When it comes to intelligence in decision making, it’s our differences in experiences and attitudes that make our businesses evolve in a diverse manner. There are often many ways to solve a problem. The path we take can be an expression of our human creativity.
This ingenuity is precisely why Artificial Intelligence alone is unlikely to help us break out and take supply chain decision making to the next level. Instead of finding innovative ways to serve and enhance markets, it could send us down a path of uniformity so we all fulfill demand in the same way, often competing for the same asset locations with similar processes. You sometimes see this kind of ‘technology group think’ in algorithmic blips in the stock market. Yet, AI’s use is going to expand for sure. So perhaps the question isn’t “will it be valuable?” But instead “where will it be valuable?”
Leveraging AI to Execute the supply chain
Using Gartner’s supply chain CORE model (Configure, Optimize, Respond & Execute) you may find that when hitting the Execute time horizon, there’s simply no time for a human to make a great decision. AI can then be a powerful solution. An interesting example of this is the capability AIMMS has provided in the utility grid business for the last 15 years. AI’s probabilistic reasoning and optimization capabilities are expressed over a digital representation of 2000 machines to best meet demand, while simultaneously shaping demand through flexible pricing. Tens of thousands of demand nodes, 2,000 supply nodes and industrial pricing are all synchronized to best effect every 15 minutes.
What about Configure, Optimize & Respond?
Using AI indirectly to augment the human in Gartner’s Configure, Optimize & Respond categories can be a tool not to replace creative decisions but instead, free up time and mind space to make better creative decisions. An example of this is S&OP, where clients leverage our technology to create a digital representation of their supply chain and then use optimization techniques, including linear programming and constraint-based reasoning, to generate a large number of fully costed scenarios.
Traditionally, 2% of the effort put into S&OP was dedicated to asking questions, 98% to providing answers. The use of this technology allows answers to be generated as scenarios in 15 seconds or less, freeing up the vast majority of time for creativity and the exploration of new questions and new ways to compete. It’s also a lot more fun and that’s no small thing.

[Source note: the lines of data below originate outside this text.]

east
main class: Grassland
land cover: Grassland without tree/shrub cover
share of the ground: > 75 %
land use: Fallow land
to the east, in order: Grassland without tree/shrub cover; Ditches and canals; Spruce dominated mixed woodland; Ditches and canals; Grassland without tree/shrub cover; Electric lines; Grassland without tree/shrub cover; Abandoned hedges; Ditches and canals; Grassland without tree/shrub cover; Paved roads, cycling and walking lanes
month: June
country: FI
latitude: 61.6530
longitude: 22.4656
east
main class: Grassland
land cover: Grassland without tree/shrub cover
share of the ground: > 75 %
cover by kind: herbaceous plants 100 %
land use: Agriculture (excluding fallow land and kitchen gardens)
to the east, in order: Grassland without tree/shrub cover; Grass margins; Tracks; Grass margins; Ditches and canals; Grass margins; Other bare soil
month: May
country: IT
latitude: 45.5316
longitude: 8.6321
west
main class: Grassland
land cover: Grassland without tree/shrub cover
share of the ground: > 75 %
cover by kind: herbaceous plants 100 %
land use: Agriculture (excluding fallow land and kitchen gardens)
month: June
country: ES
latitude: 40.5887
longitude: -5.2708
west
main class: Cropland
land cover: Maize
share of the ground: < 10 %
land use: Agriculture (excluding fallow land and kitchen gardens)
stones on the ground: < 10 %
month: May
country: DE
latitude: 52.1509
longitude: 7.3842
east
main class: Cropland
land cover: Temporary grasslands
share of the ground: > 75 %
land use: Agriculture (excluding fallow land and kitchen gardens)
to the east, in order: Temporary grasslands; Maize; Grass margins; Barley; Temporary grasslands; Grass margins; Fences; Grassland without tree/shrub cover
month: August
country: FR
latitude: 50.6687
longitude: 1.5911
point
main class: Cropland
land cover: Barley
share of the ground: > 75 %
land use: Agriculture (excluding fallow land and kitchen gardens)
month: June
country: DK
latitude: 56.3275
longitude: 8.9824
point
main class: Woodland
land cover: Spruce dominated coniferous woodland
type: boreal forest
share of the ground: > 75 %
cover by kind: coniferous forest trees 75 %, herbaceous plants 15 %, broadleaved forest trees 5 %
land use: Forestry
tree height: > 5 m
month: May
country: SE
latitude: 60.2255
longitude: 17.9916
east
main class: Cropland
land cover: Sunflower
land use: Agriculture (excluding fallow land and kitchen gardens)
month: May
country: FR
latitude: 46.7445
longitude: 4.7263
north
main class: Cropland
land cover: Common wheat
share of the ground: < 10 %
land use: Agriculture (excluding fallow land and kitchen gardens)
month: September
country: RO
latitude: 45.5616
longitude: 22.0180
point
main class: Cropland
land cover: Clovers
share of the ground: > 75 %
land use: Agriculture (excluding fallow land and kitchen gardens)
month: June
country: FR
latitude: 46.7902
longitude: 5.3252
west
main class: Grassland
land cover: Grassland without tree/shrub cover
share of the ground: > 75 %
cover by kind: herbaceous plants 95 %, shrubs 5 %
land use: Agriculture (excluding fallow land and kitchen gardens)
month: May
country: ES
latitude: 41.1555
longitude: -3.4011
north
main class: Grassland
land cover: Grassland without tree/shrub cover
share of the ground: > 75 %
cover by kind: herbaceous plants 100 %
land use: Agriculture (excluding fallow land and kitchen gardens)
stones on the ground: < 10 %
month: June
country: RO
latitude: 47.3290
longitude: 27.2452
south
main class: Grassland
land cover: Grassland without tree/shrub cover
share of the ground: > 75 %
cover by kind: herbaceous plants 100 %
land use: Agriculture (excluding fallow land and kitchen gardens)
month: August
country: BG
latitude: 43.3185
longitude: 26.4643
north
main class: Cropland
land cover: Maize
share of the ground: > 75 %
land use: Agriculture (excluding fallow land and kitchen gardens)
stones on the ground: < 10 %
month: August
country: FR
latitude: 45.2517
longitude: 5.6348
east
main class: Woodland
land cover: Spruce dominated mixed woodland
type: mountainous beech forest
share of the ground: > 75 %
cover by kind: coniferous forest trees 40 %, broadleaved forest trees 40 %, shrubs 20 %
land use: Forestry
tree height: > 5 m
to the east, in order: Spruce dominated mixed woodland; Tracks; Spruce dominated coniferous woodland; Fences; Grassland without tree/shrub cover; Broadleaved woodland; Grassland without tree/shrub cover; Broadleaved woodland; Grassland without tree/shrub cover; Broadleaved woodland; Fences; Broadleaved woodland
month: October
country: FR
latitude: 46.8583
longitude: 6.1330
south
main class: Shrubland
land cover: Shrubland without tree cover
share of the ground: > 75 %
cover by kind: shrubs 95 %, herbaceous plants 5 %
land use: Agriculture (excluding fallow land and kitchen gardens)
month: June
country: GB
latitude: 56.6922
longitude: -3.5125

Traditionally, 2% of the effort put into S&OP was dedicated to asking questions, 98% to providing answers. – Tweet this
We’re working on a use case right now where machine learning (probabilistic reasoning in AI speak) is leveraged to understand the attitude of commercial and operational stakeholders in the S&OP process. If you take ten different commercial stakeholders and ask them to predict demand over a statistical forecast, you’ll find that some are consistently optimistic while others are consistently pessimistic. You’ll find the same with operations when they provide a capacity statement. Machine learning will expose these differences in attitude and allow for normalization. In turn, the team will arrive at better plans while avoiding the near impossible task of encouraging behavioral change – leave space for the personality. An additional perk will be a quick look in the rear view mirror to uncover how far revenue and cost were from optimum. While it’s foolish to think S&OP plans can ever be perfect, this quantified look in the rear view mirror is often food for more questions and creativity.
How soon will organizations start benefiting from AI?
Gartner states that “in 2020, 50% of organizations will have sufficient AI and data literacy skills such that they will achieve at least one AI project judged to deliver positive business value. Through 2022, most small and medium size companies will not have the AI skills to build their own deep neural networks (DNN), optimization or advanced perception systems.”
There are probably fewer barriers to adopting AI than you think. – Tweet this
We hope to further accelerate the practical adoption of AI in supply chain with AIMMS SC Navigator. Optimization is already available to large and medium size companies. During 2019, machine learning will be available regardless of your business size. There are probably fewer barriers to you adopting AI than you think.
So intelligence, sometimes artificial…but often augmented will give supply chain professionals the space to express their creativity and take it to the next level.